Synthesis and biological activity of raltitrexed-carrier conjugates

• Autorzy: Jagiello M. , Kanska U. , Nevozhay D. , Boratynski J.
• Języki publikacji: EN

Abstrakty

EN

 Drugs used in chemotherapy give undesirable side effects, e.g., cardiotoxicity, leucopenia, hair loss and others. Covalent binding of a drug with a carrier may change its biodistribution, elimination and/or rate of transformation in the organism. The aim of this work was to synthesize conjugates of anticancer drug - raltitrexed (RTX) with lysozyme, bovine serum albumin (BSA), and dextran T40 and to investigate their cytotoxicity and influence on the cell cycle in comparison with the free drug. Before conjugation RTX was transformed into anhydride by treatment with dicyclohexylcarbodiimide in dimethylformamide. Activated RTX was added into aqueous solution of carriers at different pH (from 8.5 to 10.5) for 3 to 15 min. The reaction was stopped by reducing the pH to 7.0. Maximum yield of the reaction was obtained at pH 10 for BSA as well as for dextran. The highest level of substitution was obtained after 5 min of the reaction. In in vitro experiments on three cell lines: SW707, LoVo and A549, all conjugates tested had up to a few hundred times higher IC50 than the free drug.
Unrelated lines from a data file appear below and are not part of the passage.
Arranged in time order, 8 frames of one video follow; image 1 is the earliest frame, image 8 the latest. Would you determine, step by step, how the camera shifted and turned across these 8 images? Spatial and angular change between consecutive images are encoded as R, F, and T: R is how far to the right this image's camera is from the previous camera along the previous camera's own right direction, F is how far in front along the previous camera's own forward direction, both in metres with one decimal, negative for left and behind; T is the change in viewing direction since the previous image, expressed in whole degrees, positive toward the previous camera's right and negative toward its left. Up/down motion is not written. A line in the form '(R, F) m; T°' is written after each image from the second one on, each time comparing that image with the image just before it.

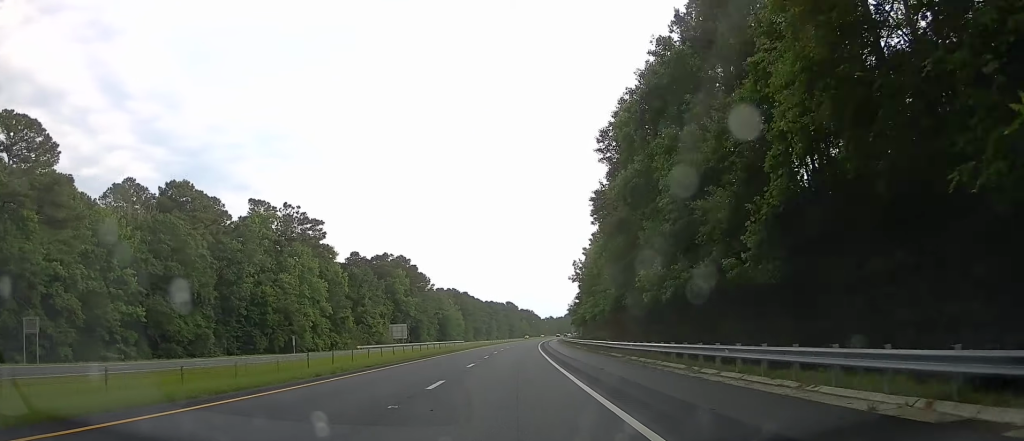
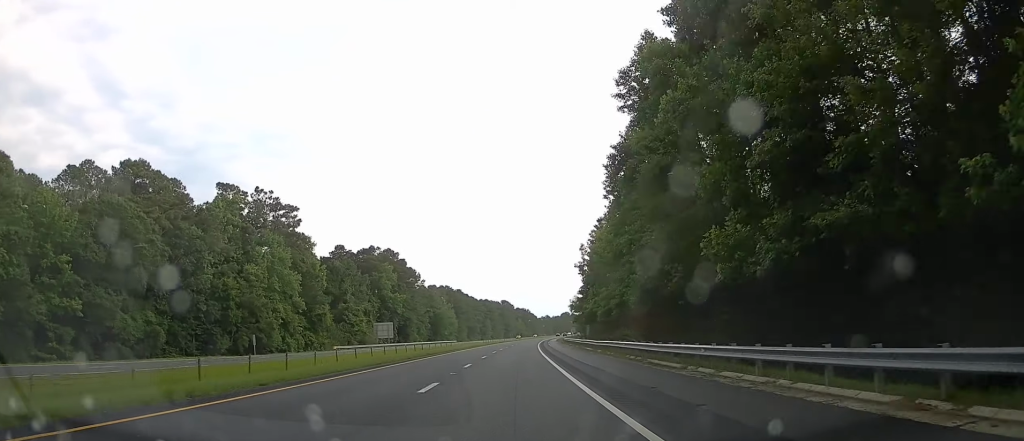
(-0.2, +13.2) m; 0°
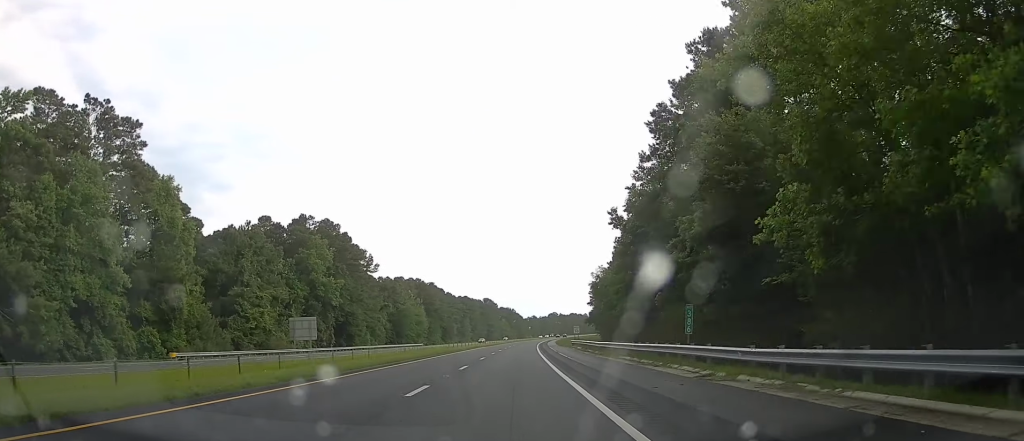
(+0.9, +49.4) m; +2°
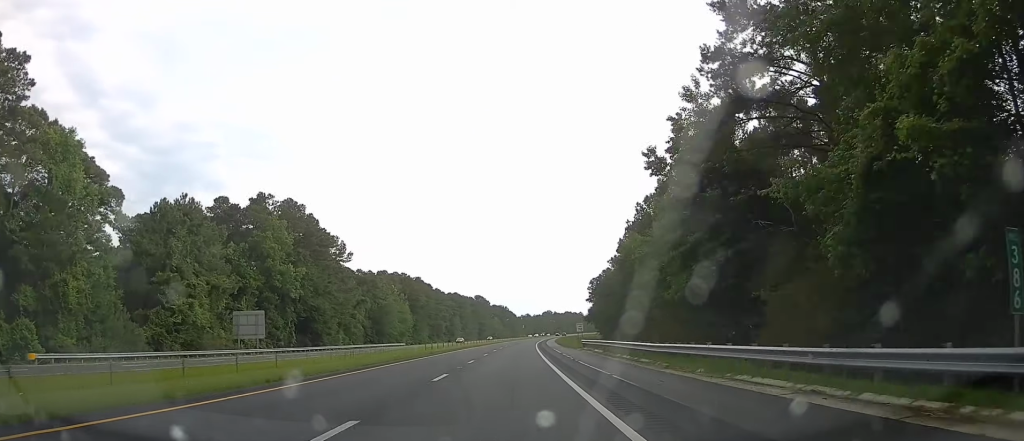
(-0.1, +19.8) m; +1°
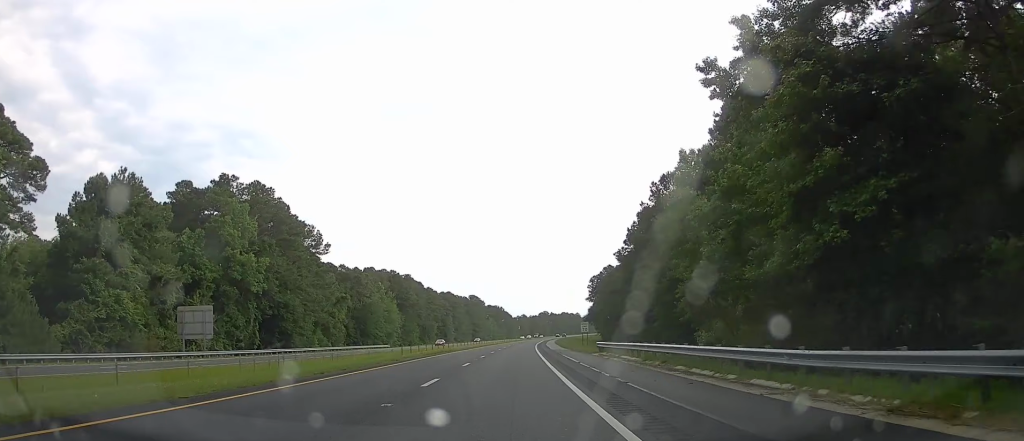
(+0.1, +14.3) m; 0°
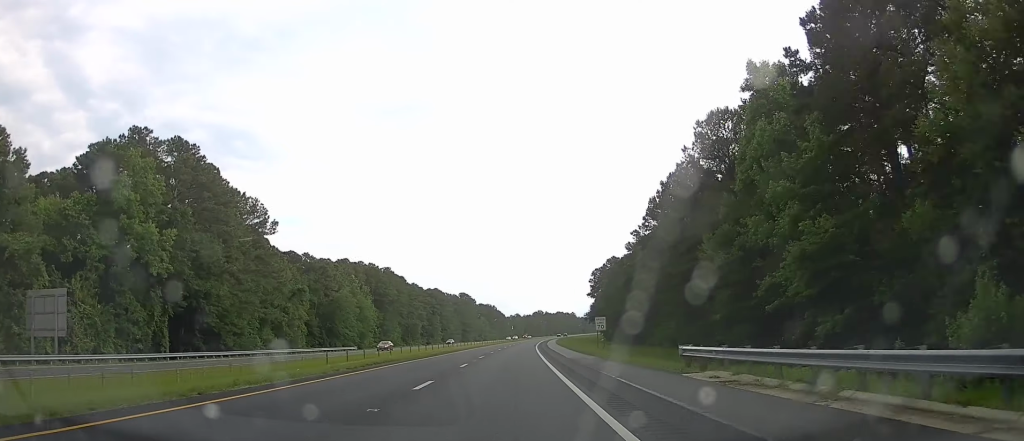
(+0.5, +25.3) m; +1°
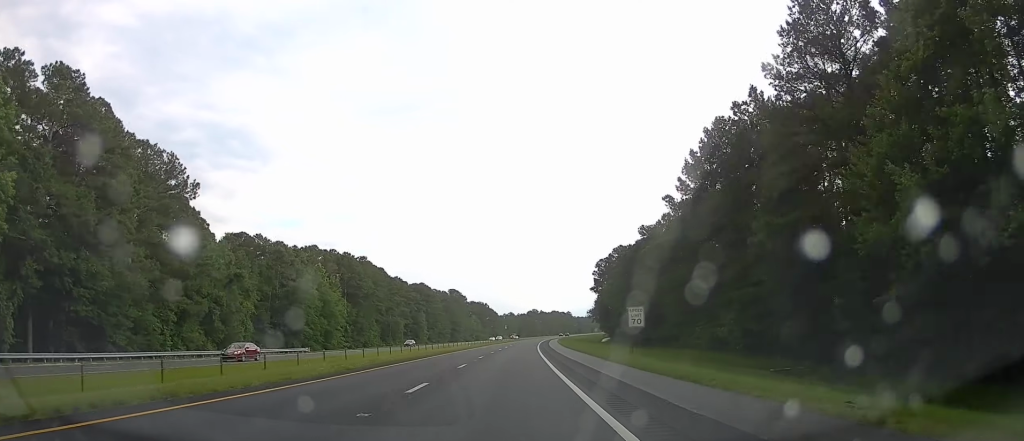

Interestingly, it was noticed that the conjugates based on dextran and albumin were more cytotoxic than the free drug in the highest concentrations tested (1000 and 10 000 ng/ml). The influence of RTX and the conjugates on SW707 cell cycle was studied. RTX blocked the cell cycle mostly in the G0-G1 and S phase and increased the percentage of apoptotic cells. Cells in the G2-M phase were not observed. The conjugates blocked the cell cycle in the S phase and decreased the percentage of cells in the G0-G1 phase.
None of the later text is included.